To simplify the implementation of benchmarks for tracking network statistics, we implemented in the nwb_benchmarks.core
module various helper classes and functions. The network tracking functionality is designed to track the network traffic generated by the main Python process that our tests are running during a user-defined period of time. The network_activity_tracker
context manager can be used to track the network traffic generated by the code within the context.
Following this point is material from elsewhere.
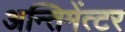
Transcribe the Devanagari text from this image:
अन्तिमेंत्टर
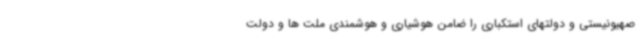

A basic network benchmark, then looks as follows:
from nwb_benchmarks import TSHARK_PATH
from nwb_benchmarks.core import network_activity_tracker
import requests # Only used here for illustration purposes
class SimpleNetworkBenchmark:
def track_network_activity_uri_request():
with network_activity_tracker(tshark_path=TSHARK_PATH) as network_tracker:
x = requests.get('https://nwb-benchmarks.readthedocs.io/en/latest/setup.html')
return network_tracker.asv_network_statistics
In cases where a context manager may not be sufficient, we can alternatively use the NetworkTracker
class directly to explicitly control when to start and stop the tracking.
from nwb_benchmarks import TSHARK_PATH
from nwb_benchmarks.core import NetworkTracker
import requests # Only used here for illustration purposes
class SimpleNetworkBenchmark:
def track_network_activity_uri_request():
tracker = NetworkTracker()
tracker.start_network_capture(tshark_path=TSHARK_PATH)
x = requests.get('https://nwb-benchmarks.readthedocs.io/en/latest/setup.html')
tracker.stop_network_capture()
return tracker.asv_network_statistics
By default, the NetworkTracker
and network_activity_tracker
track the network activity of the current process ID (i.e., os.getpid()
), but the PID to track can also be set explicitly if a different process needs to be monitored.